The functions `min` and `max` return the smallest and largest elements in a list.

In [13]:
minimum = min([3, 1, 4, 1, 5, 9])
assert minimum == 1

maximum = max([3, 1, 4, 1, 5, 9])
assert maximum == 9

Trying to find the min or max of a list with different types of objects causes a `TypeError` exception to be raised:

In [14]:
try:
    min([1, 2, 3, "catorce"])
except Exception as e:
    print(f"Exception caught {type(e)}: {e}")


Exception caught <class 'TypeError'>: '<' not supported between instances of 'str' and 'int'


### List search with `index`

The `index` method returns the position of an element in a list or an `ValueError` exception if the element is not found:

In [16]:
x = [1, 3, "five", 7, 9, 11]
assert x.index("five") == 2

try:
    x.index(5)
except Exception as e:
    print(f"Exception caught {type(e)}: {e}")

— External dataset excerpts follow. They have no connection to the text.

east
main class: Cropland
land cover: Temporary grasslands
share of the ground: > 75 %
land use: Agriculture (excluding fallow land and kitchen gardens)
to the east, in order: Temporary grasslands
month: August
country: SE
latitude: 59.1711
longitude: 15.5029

Exception caught <class 'ValueError'>: 5 is not in list


### Counting list matches with `count`

The method `count` searches through a list looking for a given value and returns the number of times that the value is found:

In [17]:
x = [1, 2, 2, 3, 5, 2, 5]
assert x.count(2) == 3

### Summary of list operations

The following table summarizes the most relevant list operations:

| List operation | Description | Example |
| :------------- | :---------- | :------ |
| [] | Creates an empty list | `x = []` |
| len | Returns the length of a list | `len(x)` |
| append | Adds a single element to the end of a list | `l.append(x)` |
| extend | Adds another list to the end of the list | `x.extend(["a", "b"])` |
| insert | Inserts a new element at a given position in the list | `l.insert(2, "y")` |
| del | Removes a list element or slice | `del(x[0])`<br>`del(x[1:3])` |
| remove | Searches for and removes a given value from a list | `x.remove("y")` |
| reverse | Reverses a list in place | `x.reverse()` |
| sort | Sorts a list in place | `x.sort()` |
| + | Returns the list that results from concatenating the two given | `z = x1 + x2` |
| * | Returns the list that results from replicating a list the number of times given | `z = ["y"] * 3` |
| min | Returns the smallest element in a list | `min(x)` |
| max | Returns the largest element in a list | `max(x)` |
| index | Returns the position of a value in a list | `i = x.index("b")` |
| count | Counts the number of times a value occurs in a list | `x.count("y")` |
| sum | Sums the items in the list | `sum(x)` |
| in | Returns whether an item is in a list | `"y" in x` |


### Exercise

1. What would be the result of `len([1, 2] * 3)`?
2. What are the two differences between using `in` and `index`?
3. Which of the following will raise an exception?
    1. `min(["a", "b", "c"])`
    2. `max([1, 2, "three"])`
    3. `[1, 2, 3].count("one")`

The result of 1 will be 6:

In [18]:
assert len([1, 2] * 3) == 6

The two differences between `in` and `index` are:
+ `in` checks whether an element exists in the list, while `index` returns where it is located.
+ `index` will raise an exception if the element is not found, while `in` will just return `False`.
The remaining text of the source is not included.